This isn't clear from the blog post, but we only use autocommit for read-only queries. Using autocommit is only really a major boost if you have a very high skew of reads to writes like we do (50:1).
Thank you for clarifying. Do you segregate autocommit based on whole chunks of application code (for example, front-end web servers are totally read-only at the connection level and therefore autocommit is fine) or is it more ad-hoc?
They specifically mentioned using it for read queries, where transactions are irrelevant and waste bandwidth and processing power on both the server and the client.
They're not irrelevant if you have parallel users modifying the database.

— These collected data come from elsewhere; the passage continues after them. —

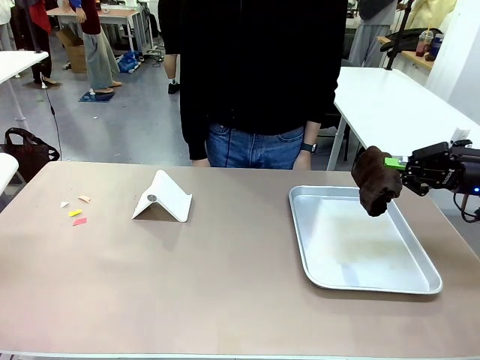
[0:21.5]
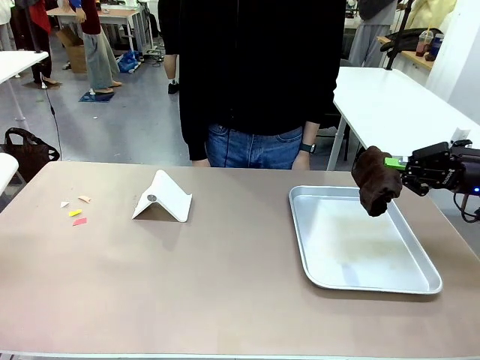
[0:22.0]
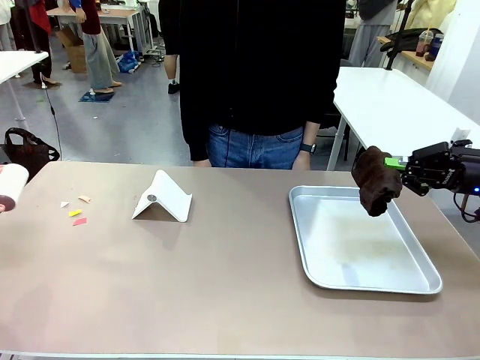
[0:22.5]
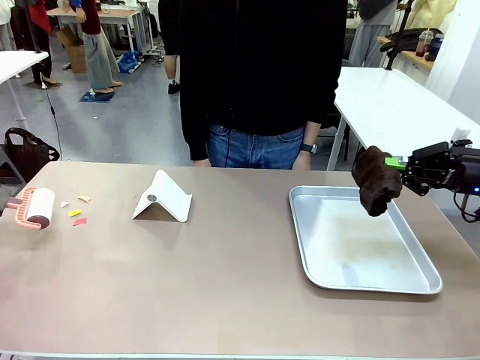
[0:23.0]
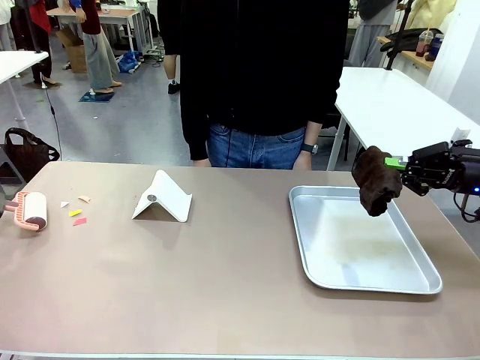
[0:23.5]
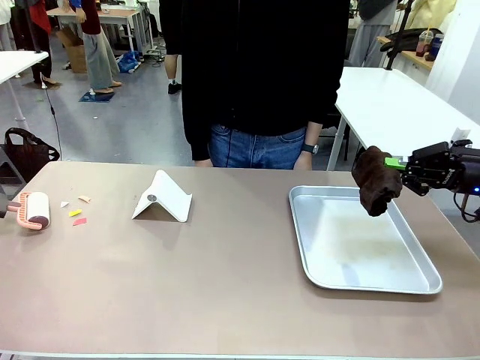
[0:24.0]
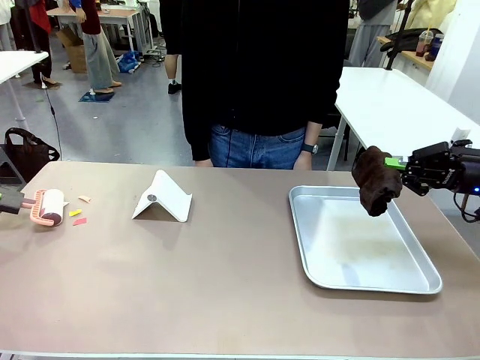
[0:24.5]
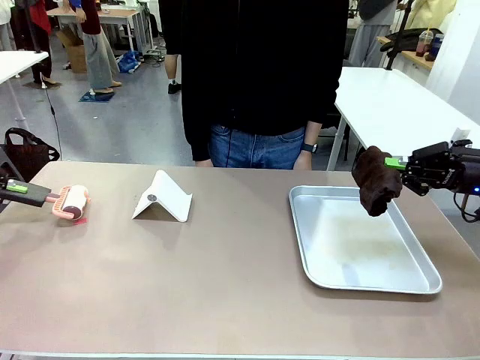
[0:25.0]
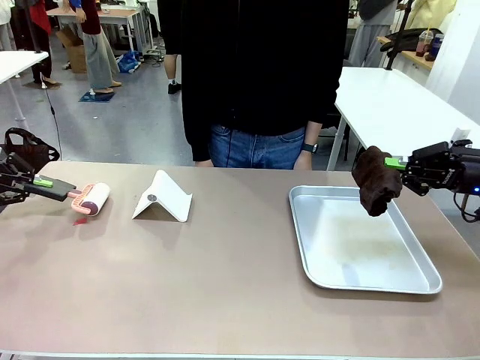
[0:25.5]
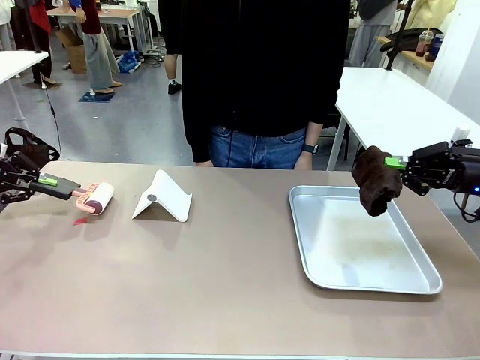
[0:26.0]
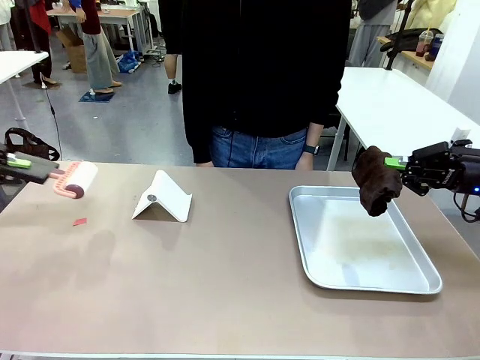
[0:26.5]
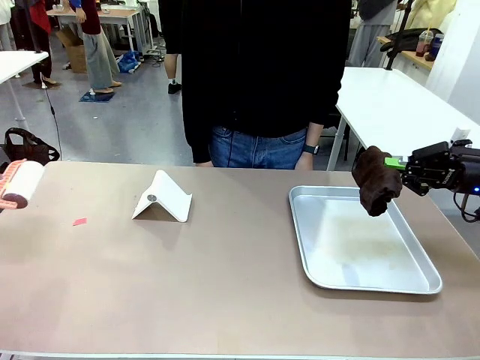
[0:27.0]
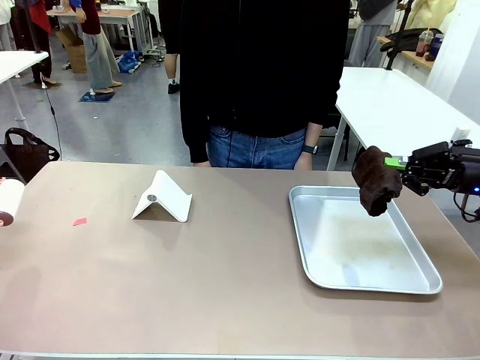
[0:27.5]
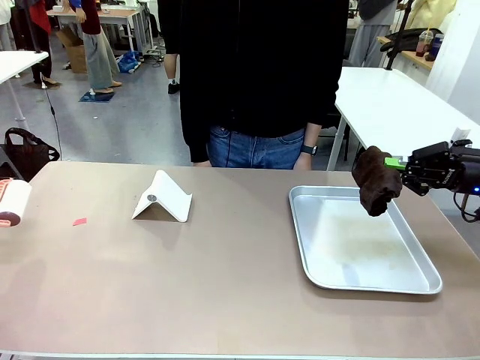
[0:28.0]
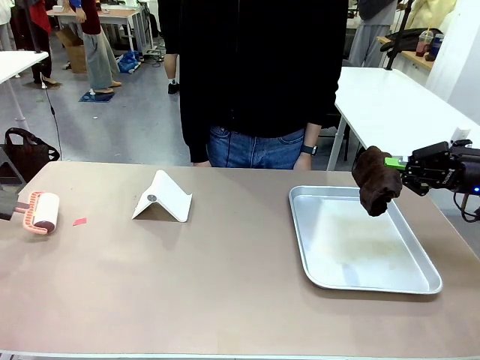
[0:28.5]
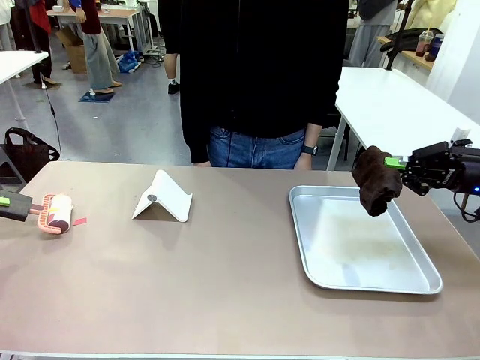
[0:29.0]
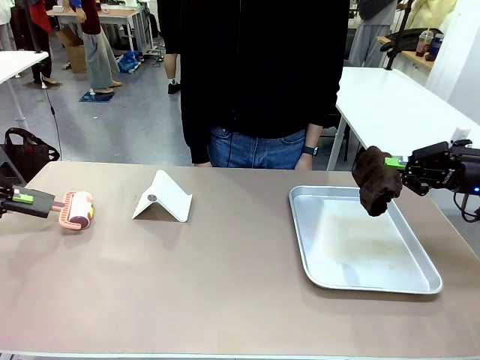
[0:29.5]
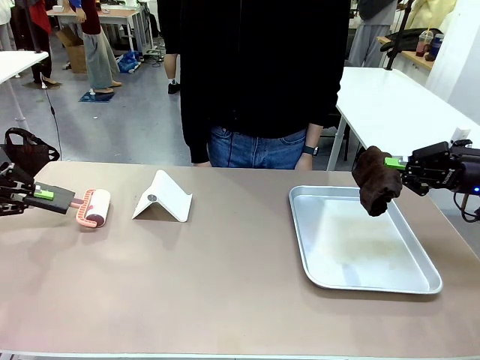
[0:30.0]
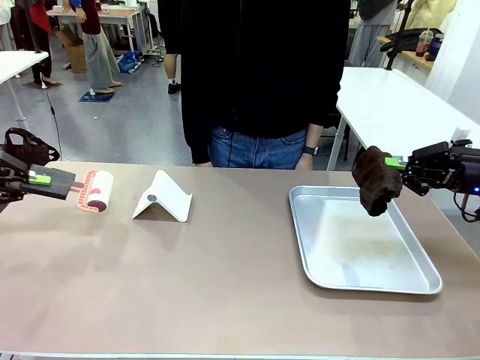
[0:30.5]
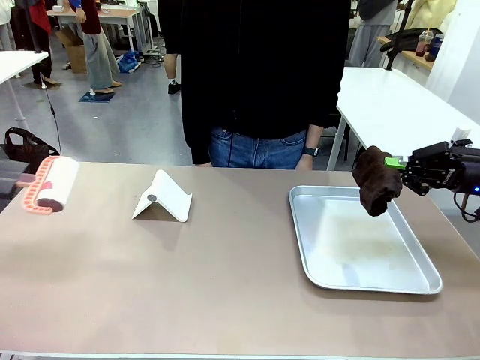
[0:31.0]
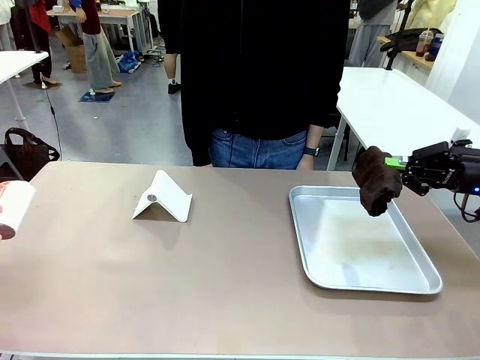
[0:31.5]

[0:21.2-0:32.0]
Task: Clean the surface of the table.
Robot: Clean the area not pointed to by the person.

The integrity checks in particular are only guarantee a coherent snapshot during a transaction, so if you do two queries and someone sneaks in a modification between them you'll get an incoherent snapshot. Whether or not this matters will depend on what sort of aggregate data you're creating.
The cost of a short-lived read transaction is incredibly low, especially with Postgres. All the data for the last so many transactions will be in the database anyway until a vacuum happens. There's no CPU cost to read transactions that I'm aware of.

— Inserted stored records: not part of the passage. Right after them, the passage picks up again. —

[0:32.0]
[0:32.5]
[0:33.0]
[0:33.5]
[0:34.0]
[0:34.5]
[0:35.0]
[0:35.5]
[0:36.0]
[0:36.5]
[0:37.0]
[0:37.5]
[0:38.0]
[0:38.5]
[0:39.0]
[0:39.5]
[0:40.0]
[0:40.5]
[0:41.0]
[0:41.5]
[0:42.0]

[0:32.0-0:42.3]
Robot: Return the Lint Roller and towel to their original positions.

I thought that autocommit simply wraps each SQL statement in its own transaction? Wouldn't a good programming practice, be to ensure that everything that is supposed to be atomic, occur in a single, possibly large, SQL statement anyways?

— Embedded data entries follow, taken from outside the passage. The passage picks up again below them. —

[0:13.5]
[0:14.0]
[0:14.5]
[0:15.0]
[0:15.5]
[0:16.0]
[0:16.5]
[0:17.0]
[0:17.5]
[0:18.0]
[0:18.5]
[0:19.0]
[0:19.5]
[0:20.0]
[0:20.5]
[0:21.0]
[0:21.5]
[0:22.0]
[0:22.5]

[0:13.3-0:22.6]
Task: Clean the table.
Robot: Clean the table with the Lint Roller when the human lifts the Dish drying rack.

Autocommit omits the begin/commit pair. This is 'implicit' transaction mode. There is no way to turn off transactions in postgres.
The performance savings comes from the roundtrip latency of the BEGIN TRANSACTION / COMMIT packets.
"Wouldn't a good programming practice, be to ensure that everything that is supposed to be atomic, occur in a single, possibly large, SQL statement anyways?"
The simplistic answer to that question is a resounding yes.
Do you have a source for how it can "lead to broken data?" It's my understanding that autocommit simply makes postgresql commit a statement automatically after it's submitted, unless it's wrapped in a transaction.
It's ok to just use transactions all the time when you don't need performance, but those transactions come with a cost, and normaly most queries of a system won't need them.
1) Code that depends on autocommit is hard to unit test, since you have to mock out whatever internal method autocommit calls
2) Code that depends on autocommit is hard to reason about, since you don't have a consistent view of your data, especially in multi-step update methods.
3) Because of 2, your updates will (not "may", "will definitely") be corrupted at some point, leaving broken bad data in the database. Comprehensive constraints help, but if you're relying on autocommit chances are you're not using constraints very well either.
2. autocommit is explicitly mentioned in terms of single select reads. Besides - if you use transactions in your update, it doesn't affect anything - postgres will do the right thing. Similarly, postgres will wrap single statement updates in transactions for you. Using it in multi-step procedures is a no-no - fortunately autocommit is per-connection, so if you are being careful about what connection you use, you can have both.
3. Another strawman - using autocommit for single selects doesn't preclude not using it for places where data integrity is a concern.